▶ Source material
******
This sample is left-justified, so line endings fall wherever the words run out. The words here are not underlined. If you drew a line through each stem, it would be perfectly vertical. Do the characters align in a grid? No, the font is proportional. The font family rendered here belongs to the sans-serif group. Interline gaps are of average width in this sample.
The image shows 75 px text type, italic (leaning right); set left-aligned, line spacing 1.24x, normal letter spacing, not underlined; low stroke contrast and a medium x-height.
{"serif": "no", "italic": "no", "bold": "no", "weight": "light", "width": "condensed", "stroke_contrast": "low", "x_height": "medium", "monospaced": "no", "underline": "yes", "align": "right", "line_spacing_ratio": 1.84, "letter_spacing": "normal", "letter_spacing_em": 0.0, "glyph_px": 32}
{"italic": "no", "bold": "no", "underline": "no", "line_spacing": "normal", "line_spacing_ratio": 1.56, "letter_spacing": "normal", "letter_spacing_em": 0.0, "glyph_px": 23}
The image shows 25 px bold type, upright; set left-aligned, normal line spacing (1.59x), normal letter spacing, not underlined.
******
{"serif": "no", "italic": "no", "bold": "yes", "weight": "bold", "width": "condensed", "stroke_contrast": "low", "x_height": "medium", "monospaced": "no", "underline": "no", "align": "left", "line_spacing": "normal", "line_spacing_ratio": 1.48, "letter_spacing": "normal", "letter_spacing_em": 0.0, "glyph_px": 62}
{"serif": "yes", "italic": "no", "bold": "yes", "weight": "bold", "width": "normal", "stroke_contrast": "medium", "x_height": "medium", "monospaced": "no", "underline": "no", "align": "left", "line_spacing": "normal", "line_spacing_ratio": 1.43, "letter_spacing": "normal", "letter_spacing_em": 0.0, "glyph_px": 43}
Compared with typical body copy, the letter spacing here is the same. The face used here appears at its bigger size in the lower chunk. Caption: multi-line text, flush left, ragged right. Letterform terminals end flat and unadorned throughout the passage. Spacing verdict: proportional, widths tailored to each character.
******
▶ What to work on
Above are records; repeat only the lines starting at the line with "This sample is" and ending at the line with "The image shows 75", exactly as they appear, both included.

▶ Exercise response
This sample is left-justified, so line endings fall wherever the words run out. The words here are not underlined. If you drew a line through each stem, it would be perfectly vertical. Do the characters align in a grid? No, the font is proportional. The font family rendered here belongs to the sans-serif group. Interline gaps are of average width in this sample.
The image shows 75 px text type, italic (leaning right); set left-aligned, line spacing 1.24x, normal letter spacing, not underlined; low stroke contrast and a medium x-height.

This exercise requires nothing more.